*MATERIAL PROVIDED*.

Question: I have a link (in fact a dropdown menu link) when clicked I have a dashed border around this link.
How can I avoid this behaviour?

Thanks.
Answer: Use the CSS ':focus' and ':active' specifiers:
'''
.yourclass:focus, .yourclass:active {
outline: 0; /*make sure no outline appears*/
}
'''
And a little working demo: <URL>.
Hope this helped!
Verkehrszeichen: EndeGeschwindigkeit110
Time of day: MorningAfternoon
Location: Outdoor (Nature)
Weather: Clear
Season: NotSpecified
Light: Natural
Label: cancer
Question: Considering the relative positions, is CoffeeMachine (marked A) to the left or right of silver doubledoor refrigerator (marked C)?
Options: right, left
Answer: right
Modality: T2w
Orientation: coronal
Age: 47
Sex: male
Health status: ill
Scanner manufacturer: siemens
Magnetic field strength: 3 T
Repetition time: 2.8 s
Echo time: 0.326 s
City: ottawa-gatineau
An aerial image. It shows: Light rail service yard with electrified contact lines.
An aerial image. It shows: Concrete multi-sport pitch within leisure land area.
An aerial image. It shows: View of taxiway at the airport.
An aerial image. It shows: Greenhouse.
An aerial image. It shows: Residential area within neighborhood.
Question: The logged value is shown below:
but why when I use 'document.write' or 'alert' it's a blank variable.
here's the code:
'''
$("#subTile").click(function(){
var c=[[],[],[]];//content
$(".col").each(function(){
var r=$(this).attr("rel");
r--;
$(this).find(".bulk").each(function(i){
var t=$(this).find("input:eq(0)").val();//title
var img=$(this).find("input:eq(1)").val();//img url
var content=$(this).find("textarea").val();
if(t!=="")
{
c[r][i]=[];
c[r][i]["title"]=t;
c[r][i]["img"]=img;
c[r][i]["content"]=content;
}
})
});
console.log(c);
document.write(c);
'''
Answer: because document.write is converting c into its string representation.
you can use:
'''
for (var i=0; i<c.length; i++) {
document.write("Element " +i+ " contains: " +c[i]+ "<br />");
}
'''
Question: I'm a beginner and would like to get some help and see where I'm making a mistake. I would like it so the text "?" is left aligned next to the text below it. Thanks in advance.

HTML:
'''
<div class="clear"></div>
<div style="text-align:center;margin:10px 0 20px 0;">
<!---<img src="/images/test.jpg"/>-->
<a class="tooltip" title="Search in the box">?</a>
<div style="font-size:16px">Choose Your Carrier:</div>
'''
* * *
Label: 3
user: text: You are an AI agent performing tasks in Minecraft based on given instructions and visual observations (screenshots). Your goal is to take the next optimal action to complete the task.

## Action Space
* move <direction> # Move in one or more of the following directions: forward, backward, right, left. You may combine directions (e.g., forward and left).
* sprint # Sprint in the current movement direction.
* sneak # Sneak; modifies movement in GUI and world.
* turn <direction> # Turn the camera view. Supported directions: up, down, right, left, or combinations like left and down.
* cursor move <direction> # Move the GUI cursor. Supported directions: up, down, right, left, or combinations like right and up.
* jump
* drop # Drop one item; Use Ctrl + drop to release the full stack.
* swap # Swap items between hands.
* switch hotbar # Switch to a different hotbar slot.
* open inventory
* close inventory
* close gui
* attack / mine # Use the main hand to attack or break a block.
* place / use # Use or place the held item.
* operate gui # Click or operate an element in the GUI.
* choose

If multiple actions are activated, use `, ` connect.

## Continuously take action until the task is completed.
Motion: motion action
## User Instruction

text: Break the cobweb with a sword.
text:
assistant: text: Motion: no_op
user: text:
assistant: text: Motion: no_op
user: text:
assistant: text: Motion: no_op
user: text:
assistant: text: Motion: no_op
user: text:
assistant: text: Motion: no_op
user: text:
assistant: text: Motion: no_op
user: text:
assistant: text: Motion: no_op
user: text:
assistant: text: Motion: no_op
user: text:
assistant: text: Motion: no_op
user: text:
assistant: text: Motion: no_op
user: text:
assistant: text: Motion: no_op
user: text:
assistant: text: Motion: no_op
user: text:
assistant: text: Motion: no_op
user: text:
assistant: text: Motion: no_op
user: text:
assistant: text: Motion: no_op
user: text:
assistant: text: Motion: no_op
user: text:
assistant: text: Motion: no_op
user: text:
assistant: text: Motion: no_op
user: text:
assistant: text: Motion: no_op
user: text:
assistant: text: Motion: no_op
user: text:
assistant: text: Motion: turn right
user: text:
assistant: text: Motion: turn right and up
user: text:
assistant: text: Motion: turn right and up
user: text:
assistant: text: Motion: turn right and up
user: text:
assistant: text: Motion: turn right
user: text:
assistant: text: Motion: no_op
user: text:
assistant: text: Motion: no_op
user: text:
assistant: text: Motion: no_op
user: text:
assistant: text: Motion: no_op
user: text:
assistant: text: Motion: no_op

*WHAT TO DO*. Output should match, line for line, the stretch of the material above from the line holding "Scanner manufacturer: siemens" through the line holding "An aerial image. It shows: Greenhouse.".

*SOLUTION TO THIS EXERCISE*.
Scanner manufacturer: siemens
Magnetic field strength: 3 T
Repetition time: 2.8 s
Echo time: 0.326 s
City: ottawa-gatineau
An aerial image. It shows: Light rail service yard with electrified contact lines.
An aerial image. It shows: Concrete multi-sport pitch within leisure land area.
An aerial image. It shows: View of taxiway at the airport.
An aerial image. It shows: Greenhouse.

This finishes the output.